Ya bien entrado el mes de noviembre, cuando fuimos finalmente destinadas a la retaguardia, en alguno de los cientos de campos de batalla que se abrían de norte a sur en la frontera oriental de nuestra patria, las noticias que recibíamos de los refugiados que huían de la guerra y los soldados que volvían destrozados no podía ser más descorazonadoras, al parecer el avance alemán era equiparable al del mismísimo napoleón, cosechaban victoria tras victoria y nuestros hombres se veían constantemente obligados a retroceder, la primera persona con cuya sangre me manche las manos, en un intento torpísimo por salvarle la vida provenía de una batalla librada ya en territorio francés, fue alcanzado en la pierna por una bala mientras se retiraba de la ciudad de Ypres en la frontera belga, era un hombre menudito, que apenas parecía haber alcanzado la mayoría de edad, fue traído por algunos de sus compañeros que presentaban también heridas menores.

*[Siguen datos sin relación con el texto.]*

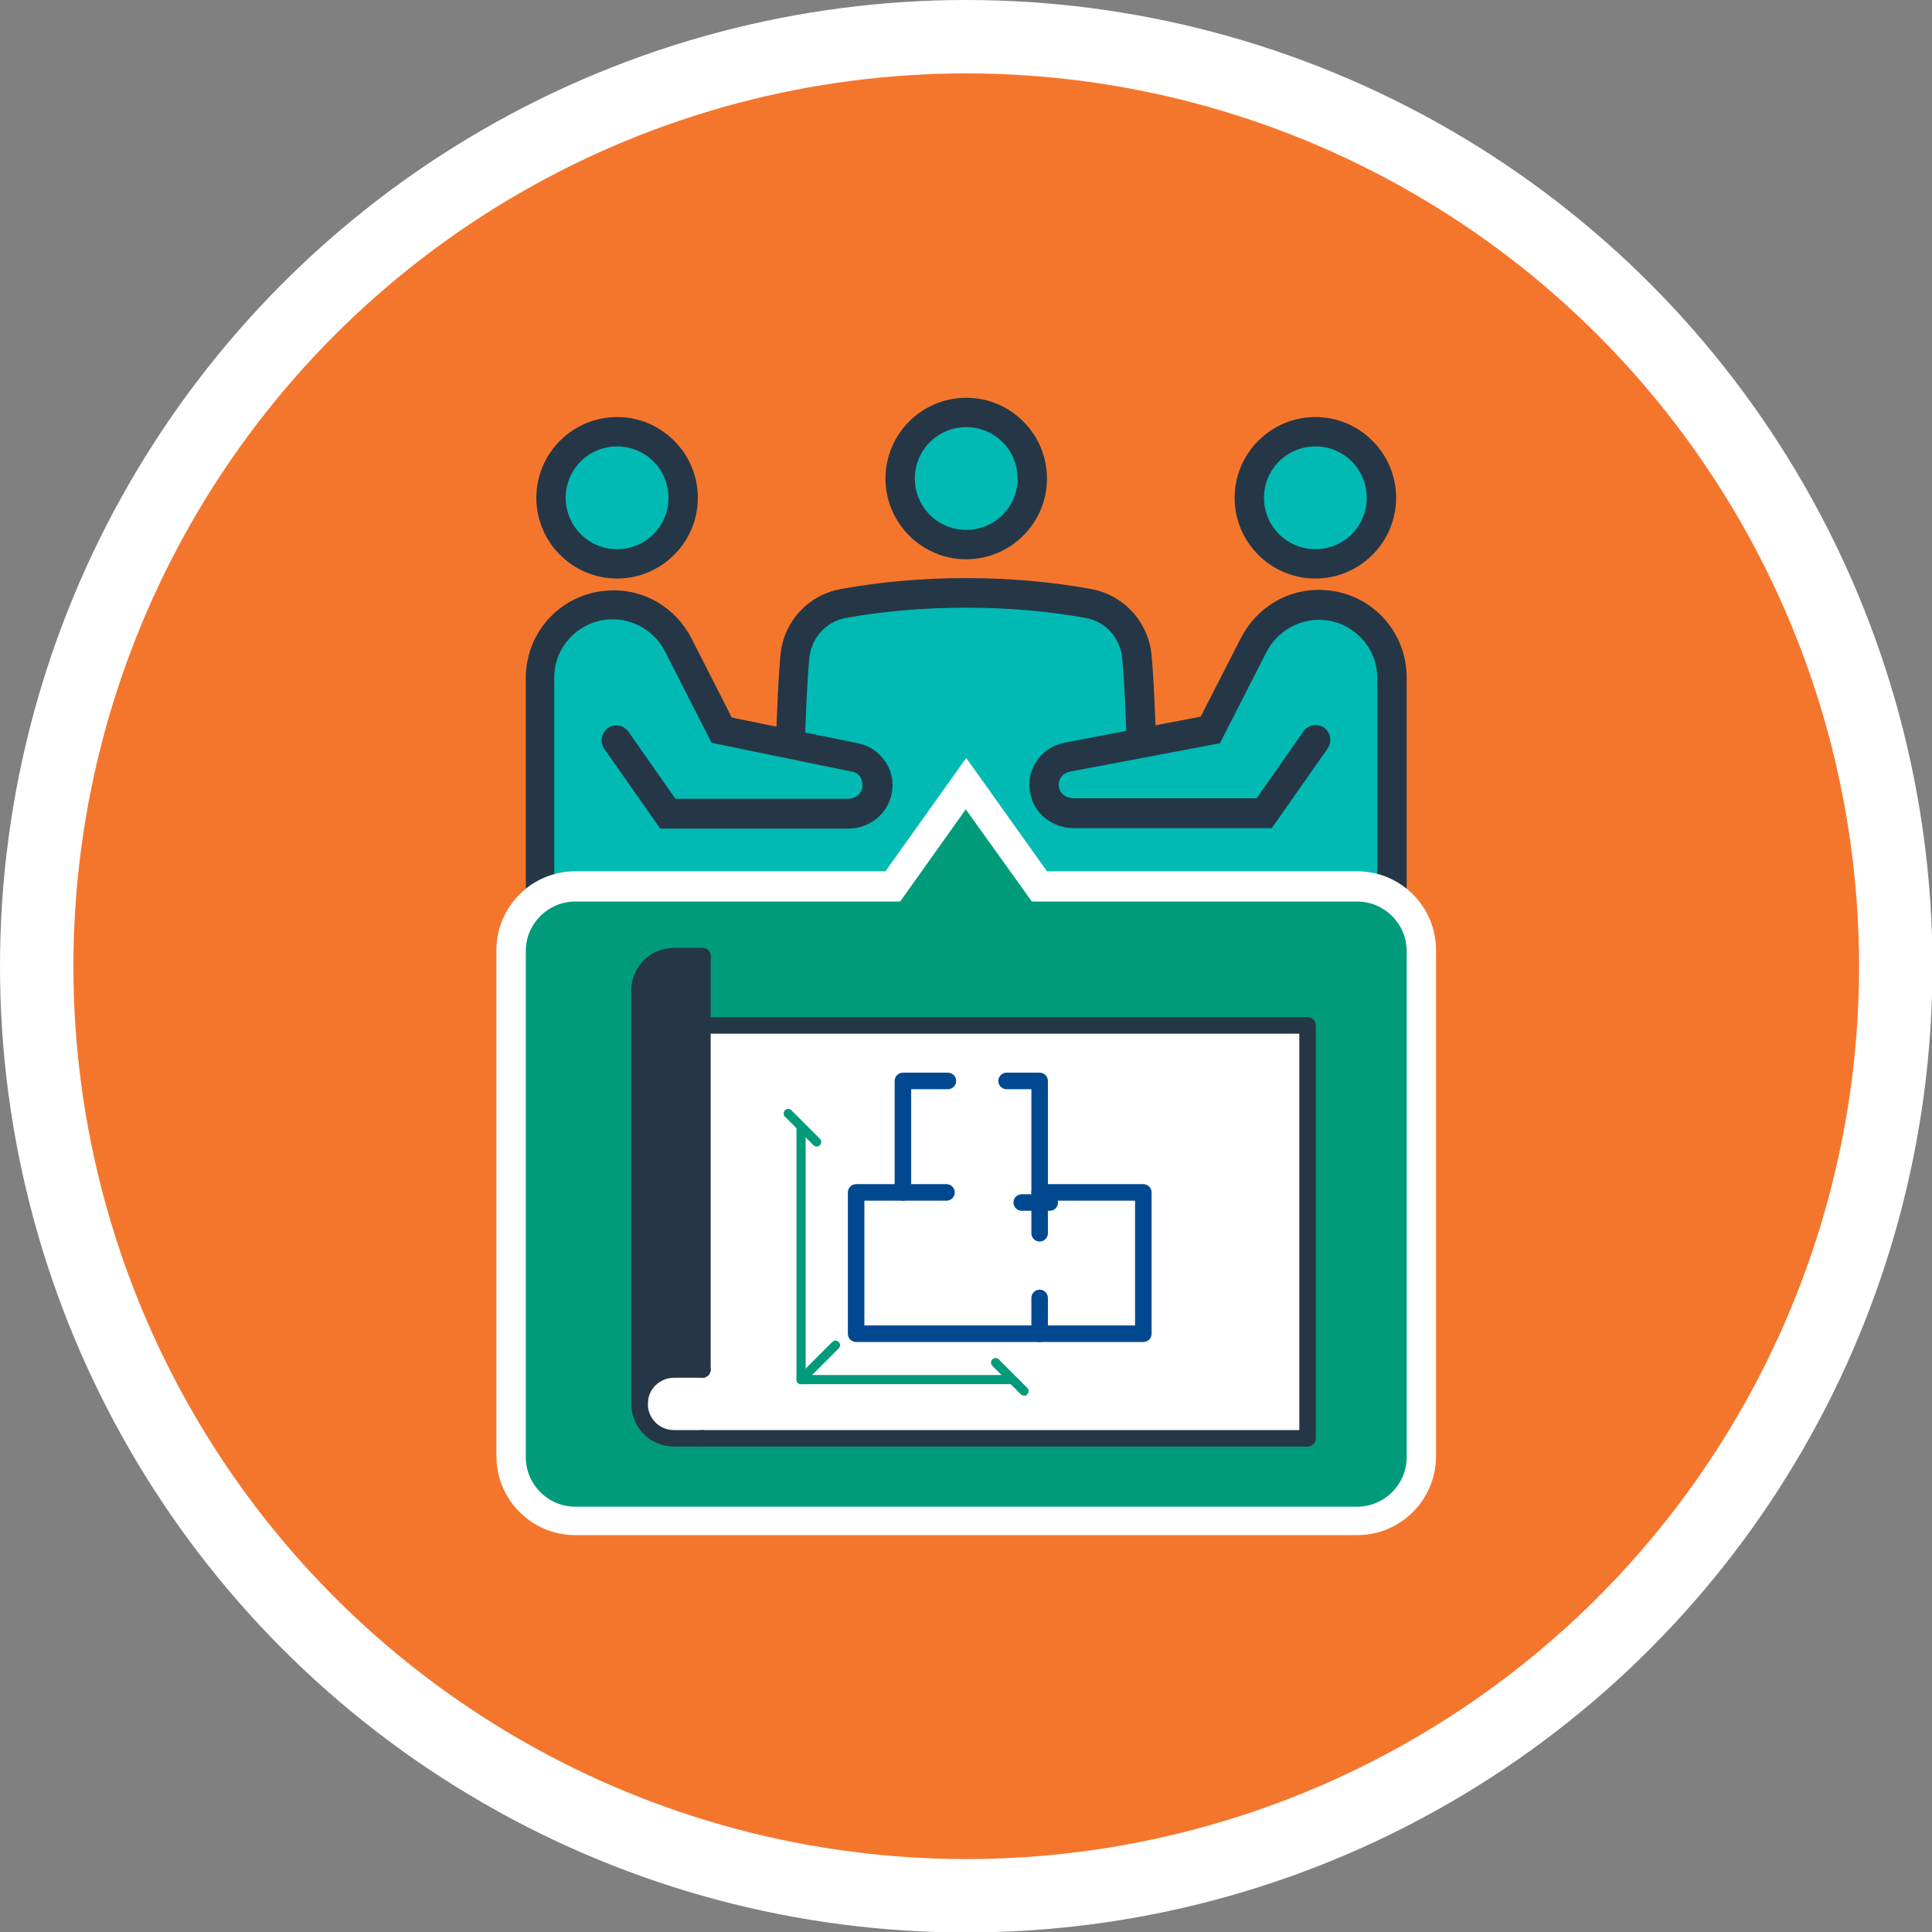 <?xml version="1.0" encoding="UTF-8"?><svg id="Layer_2" xmlns="http://www.w3.org/2000/svg" viewBox="0 0 421.1 421.1"><rect x="0" y="0" width="421.1" height="421.1" fill="#808080" stroke="none"/><g id="Layer_1-2"><g><path d="M413.1,210.6c0,111.9-90.7,202.6-202.6,202.6S8,322.5,8,210.6,98.7,8,210.6,8s202.6,90.7,202.6,202.6" fill="#f4762d"/><circle cx="210.6" cy="210.6" r="202.6" fill="none" stroke="#fff" stroke-miterlimit="10" stroke-width="16"/></g><g><polygon points="123.1 134.6 134.8 132.6 143.3 134.4 148.1 141.1 157.2 158.6 171.7 162.3 174.3 138.9 180.1 132.4 203.1 129.2 217.4 129.4 238.6 131.6 245.4 136.5 247.7 145.9 248.9 161.6 264.2 159.2 273.9 140.7 278.5 134.8 285.1 132.4 291.8 133.4 298.4 136.1 302.3 142.5 303.3 192.9 116.9 194.1 117.3 143.5 123.1 134.6" fill="#00bab3"/><path d="M149.4,108c0,8.1-6.6,14.7-14.7,14.7s-14.7-6.6-14.7-14.7,6.6-14.7,14.7-14.7,14.7,6.6,14.7,14.7" fill="#00bab3"/><path d="M301.4,108.4c0,8.1-6.6,14.7-14.7,14.7s-14.7-6.6-14.7-14.7,6.6-14.7,14.7-14.7,14.7,6.6,14.7,14.7" fill="#00bab3"/><path d="M225.2,103.9c0,8.1-6.6,14.7-14.7,14.7s-14.7-6.6-14.7-14.7,6.6-14.7,14.7-14.7,14.7,6.6,14.7,14.7" fill="#00bab3"/><path d="M295,193.3h-68.4l-16-22.4-16,22.4H124.6c-7.7,0-14,6.2-14,14v110.3c0,7.7,6.2,14,14,14h170.4c7.7,0,14-6.2,14-14v-110.3c0-7.7-6.2-14-14-14" fill="#009b7a"/><path d="M134.5,126.1c-9.7,0-17.6-7.9-17.6-17.6s7.9-17.6,17.6-17.6,17.6,7.9,17.6,17.6-7.9,17.6-17.6,17.6m0-28.8c-6.2,0-11.2,5-11.2,11.2s5,11.2,11.2,11.2,11.2-5,11.2-11.2-5-11.2-11.2-11.2" fill="#253746"/><path d="M117.8,196.5c-1.8,0-3.2-1.4-3.2-3.2v-45.5c0-10.3,8-18.7,18.3-19.1,7.5-.4,14.4,3.8,17.8,10.4l8.8,17.3,27.5,5.6c2.5,.5,4.7,2,6.1,4.2,1.4,2.2,1.8,4.8,1.1,7.4-1.1,4.1-4.9,7-9.3,7h-41l-12.2-17.4c-1-1.4-.7-3.4,.8-4.5,1.4-1,3.4-.7,4.5,.8l10.2,14.6h37.6c1.5,0,2.8-.9,3.1-2.2,.2-.8,0-1.7-.3-2.4-.4-.7-1.1-1.2-1.9-1.3l-30.6-6.3-10.2-20c-2.3-4.4-6.9-7.1-11.9-6.9-6.8,.3-12.2,5.9-12.2,12.7v45.5c0,1.8-1.4,3.2-3.2,3.2" fill="#253746"/><path d="M286.7,126.1c-9.7,0-17.6-7.9-17.6-17.6s7.9-17.6,17.6-17.6,17.6,7.9,17.6,17.6-7.9,17.6-17.6,17.6m0-28.8c-6.2,0-11.2,5-11.2,11.2s5,11.2,11.2,11.2,11.2-5,11.2-11.2-5-11.2-11.2-11.2" fill="#253746"/><path d="M303.4,196.5c-1.8,0-3.2-1.4-3.2-3.2v-45.5c0-6.8-5.4-12.4-12.2-12.7-4.8-.2-9.6,2.5-11.9,6.9l-10.2,20-32.8,6.2c-.8,.2-1.5,.6-1.9,1.3-.4,.7-.6,1.5-.3,2.4,.3,1.2,1.6,2.1,3.1,2.1h39.9l10.2-14.6c1-1.4,3-1.8,4.5-.8,1.4,1,1.8,3,.8,4.5l-12.2,17.4h-43.2c-4.4,0-8.3-2.9-9.3-7-.7-2.6-.3-5.2,1.1-7.4,1.4-2.2,3.6-3.7,6.1-4.2l29.8-5.7,8.8-17.2c3.4-6.6,10.3-10.8,17.8-10.4,10.3,.4,18.3,8.8,18.3,19.1v45.5c0,1.8-1.4,3.2-3.2,3.2" fill="#253746"/><path d="M210.6,121.9c-9.7,0-17.6-7.9-17.6-17.6s7.9-17.6,17.6-17.6,17.6,7.9,17.6,17.6-7.9,17.6-17.6,17.6m0-28.8c-6.2,0-11.2,5-11.2,11.2s5,11.2,11.2,11.2,11.2-5,11.2-11.2-5-11.2-11.2-11.2" fill="#253746"/><path d="M175.5,163.5l-6.4-.2c.2-7.7,.5-14.8,1-20.4,.6-7.3,6-13.2,13.1-14.5,17.4-3.2,37.3-3.2,54.7,0,7.1,1.3,12.5,7.3,13.1,14.5,.5,5.6,.8,12.6,1,20.2l-6.4,.2c-.2-7.5-.5-14.3-1-19.8-.4-4.4-3.6-8-7.9-8.8-16.4-3-36-3-52.4,0-4.3,.8-7.5,4.4-7.9,8.8-.5,5.5-.8,12.4-1,20" fill="#253746"/><path d="M295.8,334.6H125.4c-9.5,0-17.2-7.7-17.2-17.2v-110.3c0-9.5,7.7-17.2,17.2-17.2h67.6l17.6-24.7,17.6,24.7h67.6c9.5,0,17.2,7.7,17.2,17.2v110.3c0,9.5-7.7,17.2-17.2,17.2M125.4,196.5c-5.9,0-10.8,4.8-10.8,10.8v110.3c0,5.9,4.8,10.8,10.8,10.8h170.4c5.9,0,10.8-4.8,10.8-10.8v-110.3c0-5.9-4.8-10.8-10.8-10.8h-70.9l-14.4-20.1-14.3,20.1H125.4Z" fill="#fff"/><line x1="262" y1="258" x2="262" y2="293.6" fill="none" stroke="#009b7a" stroke-linejoin="round" stroke-width="1.6"/><line x1="257.9" y1="290.4" x2="261.2" y2="290.4" fill="none" stroke="#009b7a" stroke-linejoin="round" stroke-width="1.6"/><line x1="259.6" y1="285.5" x2="261.2" y2="285.5" fill="none" stroke="#009b7a" stroke-linejoin="round" stroke-width="1.6"/><line x1="257.9" y1="280.7" x2="261.2" y2="280.7" fill="none" stroke="#009b7a" stroke-linejoin="round" stroke-width="1.6"/><line x1="259.6" y1="275.8" x2="261.2" y2="275.8" fill="none" stroke="#009b7a" stroke-linejoin="round" stroke-width="1.6"/><line x1="259.6" y1="266.1" x2="261.2" y2="266.1" fill="none" stroke="#009b7a" stroke-linejoin="round" stroke-width="1.6"/><line x1="257.9" y1="270.9" x2="261.2" y2="270.9" fill="none" stroke="#009b7a" stroke-linejoin="round" stroke-width="1.6"/><line x1="257.9" y1="261.2" x2="261.2" y2="261.2" fill="none" stroke="#009b7a" stroke-linejoin="round" stroke-width="1.6"/><polygon points="285 313.5 145.7 313.5 141 312.1 139.5 308.9 139.5 223.2 285 223.2 285 313.5" fill="#fff"/><polyline points="153.1 313.5 285 313.5 285 223.5 153.1 223.5" fill="none" stroke="#253746" stroke-linecap="round" stroke-linejoin="round" stroke-width="3.6"/><polygon points="153.9 298.6 139 298.6 139 213.2 140.6 210 143.2 208.4 153.9 208.4 153.9 298.6" fill="#253746"/><line x1="153.1" y1="208.4" x2="153.1" y2="298.5" fill="none" stroke="#253746" stroke-linecap="round" stroke-linejoin="round" stroke-width="3.6"/><line x1="139.4" y1="215.9" x2="139.4" y2="306" fill="none" stroke="#253746" stroke-linecap="round" stroke-linejoin="round" stroke-width="3.6"/><path d="M153.1,313.5h-6.2c-4.2,0-7.5-3.4-7.5-7.5h0c0-4.2,3.4-7.5,7.5-7.5h6.2" fill="none" stroke="#253746" stroke-linecap="round" stroke-linejoin="round" stroke-width="3.6"/><path d="M139.4,215.9h0c0-4.2,3.4-7.5,7.5-7.5h6.2" fill="none" stroke="#253746" stroke-linecap="round" stroke-linejoin="round" stroke-width="3.6"/><line x1="222.7" y1="262.1" x2="228.8" y2="262.1" fill="none" stroke="#004990" stroke-linecap="round" stroke-linejoin="round" stroke-width="3.6"/><polyline points="226.6 268.8 226.6 259.9 249.2 259.9 249.2 290.7 226.6 290.7 226.6 282.9" fill="none" stroke="#004990" stroke-linecap="round" stroke-linejoin="round" stroke-width="3.6"/><polyline points="226.6 290.7 186.6 290.7 186.6 259.9 206.3 259.9" fill="none" stroke="#004990" stroke-linecap="round" stroke-linejoin="round" stroke-width="3.6"/><polyline points="206.6 235.6 196.8 235.6 196.8 259.9" fill="none" stroke="#004990" stroke-linecap="round" stroke-linejoin="round" stroke-width="3.6"/><polyline points="226.6 259.9 226.6 235.6 219.4 235.6" fill="none" stroke="#004990" stroke-linecap="round" stroke-linejoin="round" stroke-width="3.6"/><path d="M174.6,301.7h45.8c.6,0,1-.4,1-1s-.4-1-1-1h-44.8v-53.7c0-.6-.4-1-1-1s-1,.4-1,1v54.7c0,.6,.4,1,1,1" fill="#009b7a"/><path d="M223.2,304.2c.3,0,.5,0,.7-.3,.4-.4,.4-1,0-1.4l-6.2-6.2c-.4-.4-1-.4-1.4,0-.4,.4-.4,1,0,1.4l6.2,6.2c.2,.2,.5,.3,.7,.3" fill="#009b7a"/><path d="M178,249.9c.3,0,.5,0,.7-.3,.4-.4,.4-1,0-1.4l-6.2-6.2c-.4-.4-1-.4-1.4,0-.4,.4-.4,1,0,1.4l6.2,6.2c.2,.2,.5,.3,.7,.3" fill="#009b7a"/><path d="M174.6,301.7c.3,0,.5,0,.7-.3l7.5-7.5c.4-.4,.4-1,0-1.4-.4-.4-1-.4-1.4,0l-7.5,7.5c-.4,.4-.4,1,0,1.4,.2,.2,.5,.3,.7,.3" fill="#009b7a"/></g></g></svg>

Ese hombre moribundo, y ya completamente convencido de su propia muerte me miro con los ojos con los que un recién nacido mira los rostros de quienes le dan la bienvenida al mundo, como reconociendo apenas lo que lo rodeaba, tal vez en una alucinación que le hacía pensar que todo lo acontecido no era más que una pesadilla espantosa, me hubiera gustado poder seguirle el juego y ofrecerle las caricias de una madre, contarle una historia placentera para ver como la vida se le fugaba entre la paz y la tranquilidad, por desgracia mi falta de experiencia no lo permitió, y entre los esfuerzos que hice por rasgarle adecuadamente la ropa y hacerle un torniquete en la parte alta del muslo creo haberle causado más sufrimiento del necesario, luego, las señora Durand, enfermera en jefe, al vernos a todas ya bautizadas en esta desgarradora pero honorable labor dio el más conmovedor de los discursos, del cual solo recuerdo la parte final –cuando toda esta locura acabe, volverán con el rabo entre las patas a buscar nuestra ayuda y cariño, son como niños jugando y nuestro deber es ver que no se hagan más daño del necesario en sus afanes de grandeza-.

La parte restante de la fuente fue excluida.